(Provided data)
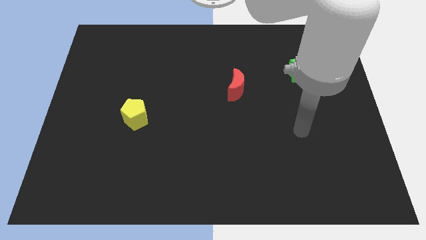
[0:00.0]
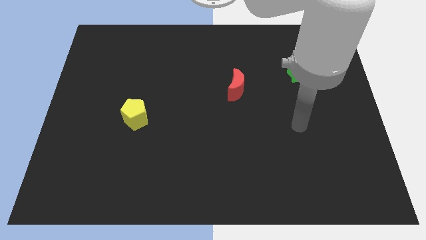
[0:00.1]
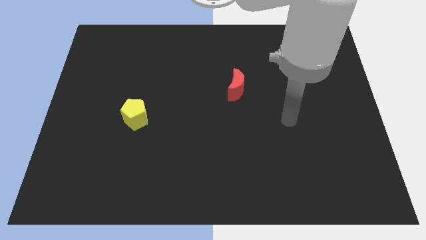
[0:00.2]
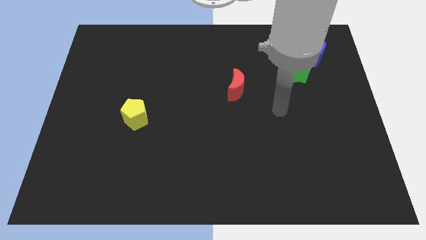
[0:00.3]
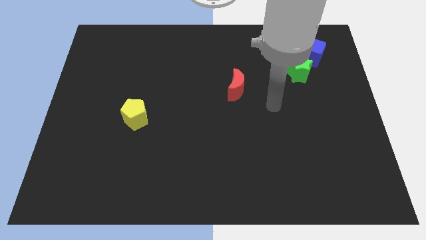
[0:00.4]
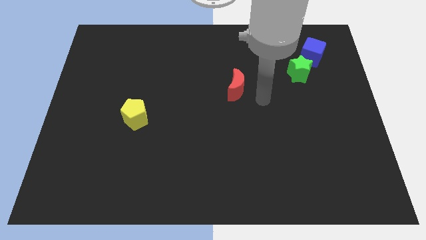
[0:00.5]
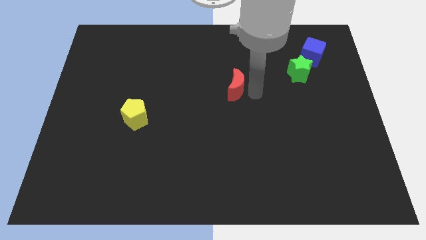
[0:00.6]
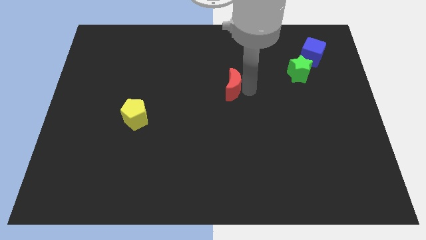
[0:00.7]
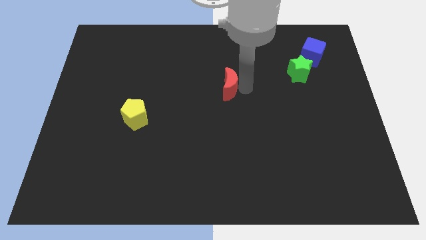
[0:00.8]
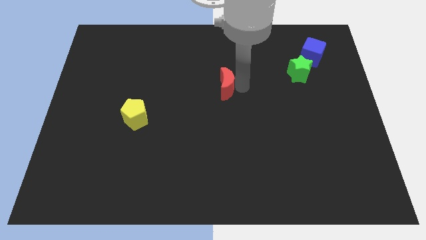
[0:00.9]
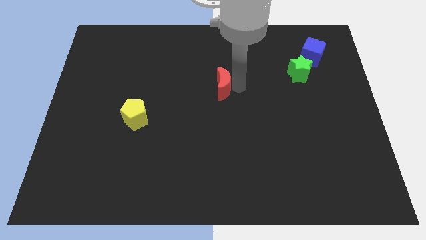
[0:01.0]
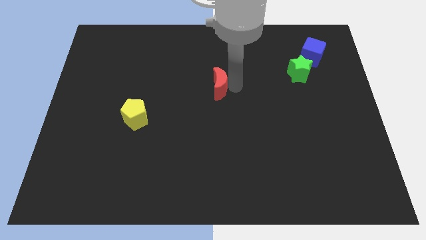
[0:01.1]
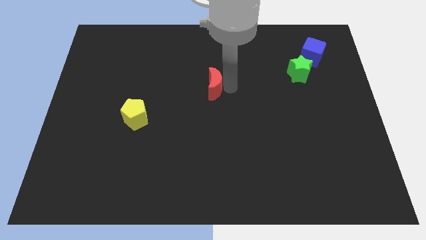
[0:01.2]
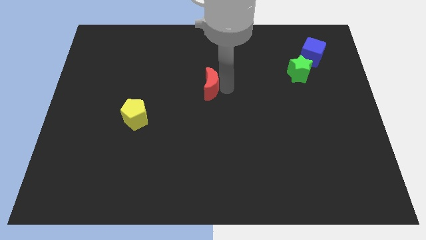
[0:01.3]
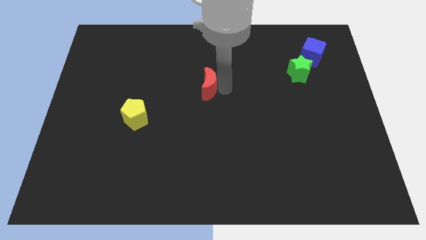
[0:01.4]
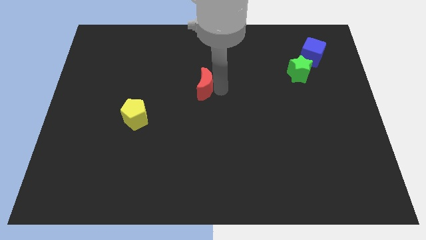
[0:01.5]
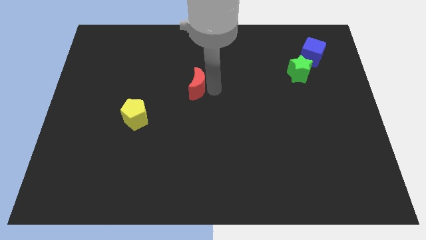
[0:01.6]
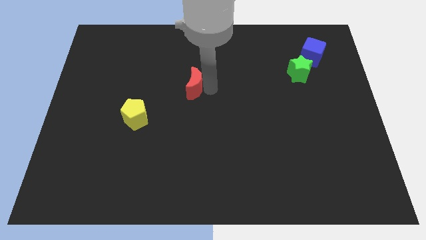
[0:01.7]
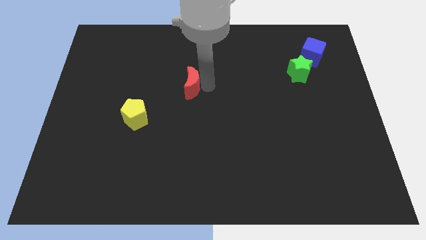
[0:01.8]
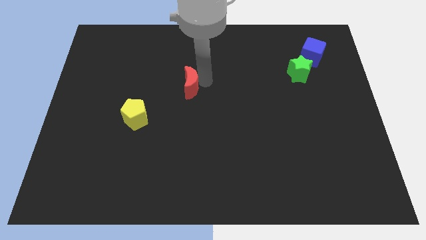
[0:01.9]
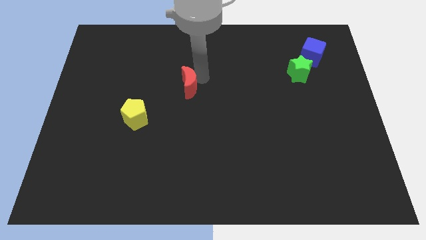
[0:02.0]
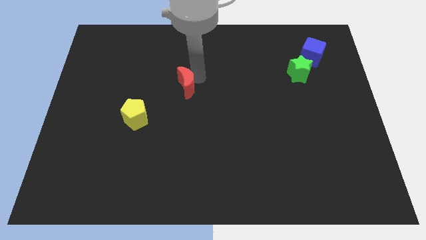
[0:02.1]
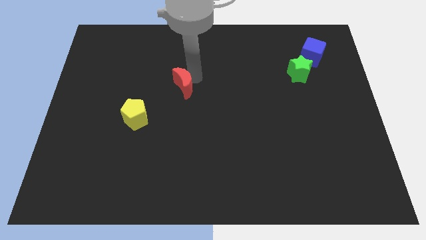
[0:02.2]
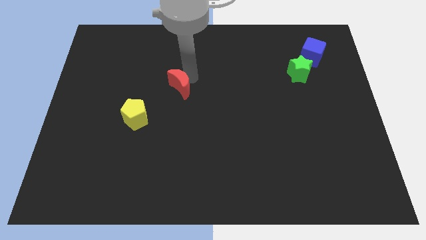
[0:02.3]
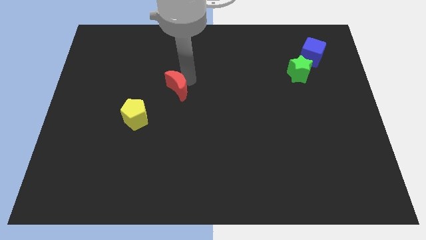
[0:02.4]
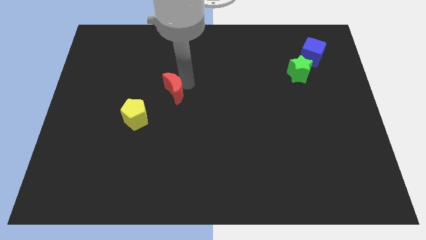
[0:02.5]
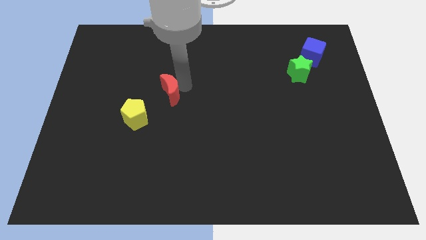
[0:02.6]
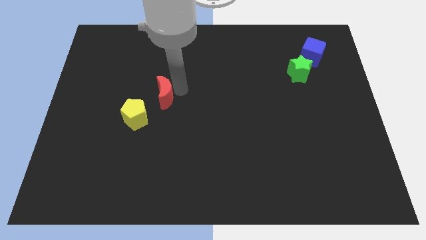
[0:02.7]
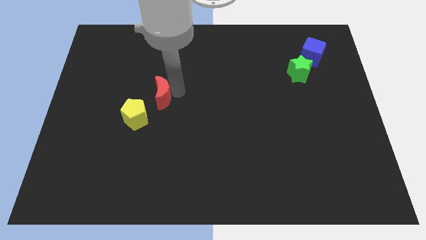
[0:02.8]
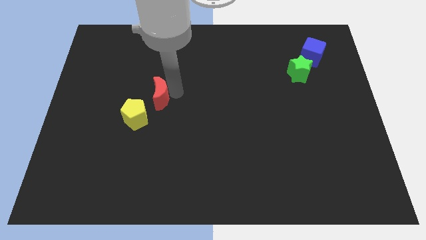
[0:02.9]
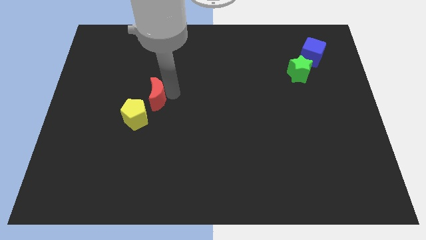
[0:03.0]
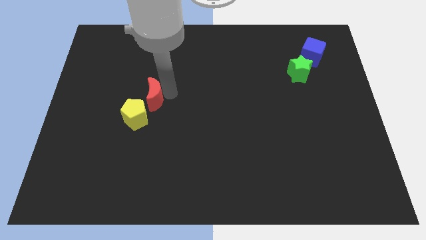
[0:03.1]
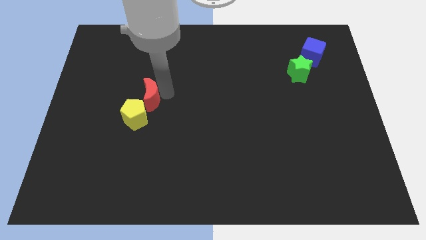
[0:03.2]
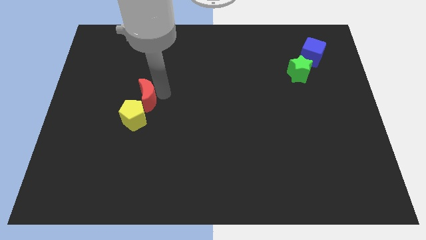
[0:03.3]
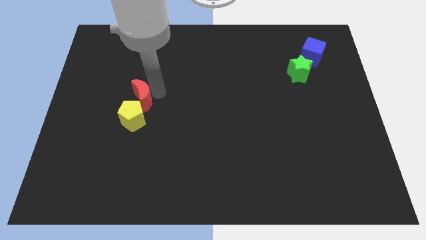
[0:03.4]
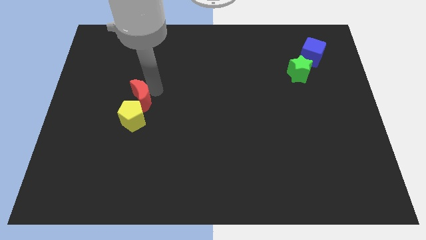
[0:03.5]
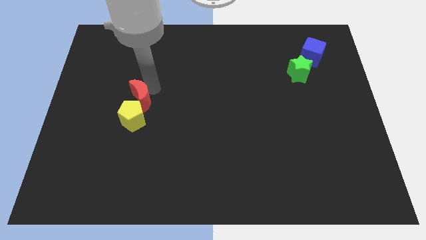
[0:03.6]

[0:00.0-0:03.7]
push the moon next to the yellow pentagon

(Instructions for the task) With the images left out, output all the entries above exactly.

(Written reply)
[0:00.0]
[0:00.1]
[0:00.2]
[0:00.3]
[0:00.4]
[0:00.5]
[0:00.6]
[0:00.7]
[0:00.8]
[0:00.9]
[0:01.0]
[0:01.1]
[0:01.2]
[0:01.3]
[0:01.4]
[0:01.5]
[0:01.6]
[0:01.7]
[0:01.8]
[0:01.9]
[0:02.0]
[0:02.1]
[0:02.2]
[0:02.3]
[0:02.4]
[0:02.5]
[0:02.6]
[0:02.7]
[0:02.8]
[0:02.9]
[0:03.0]
[0:03.1]
[0:03.2]
[0:03.3]
[0:03.4]
[0:03.5]
[0:03.6]

[0:00.0-0:03.7]
push the moon next to the yellow pentagon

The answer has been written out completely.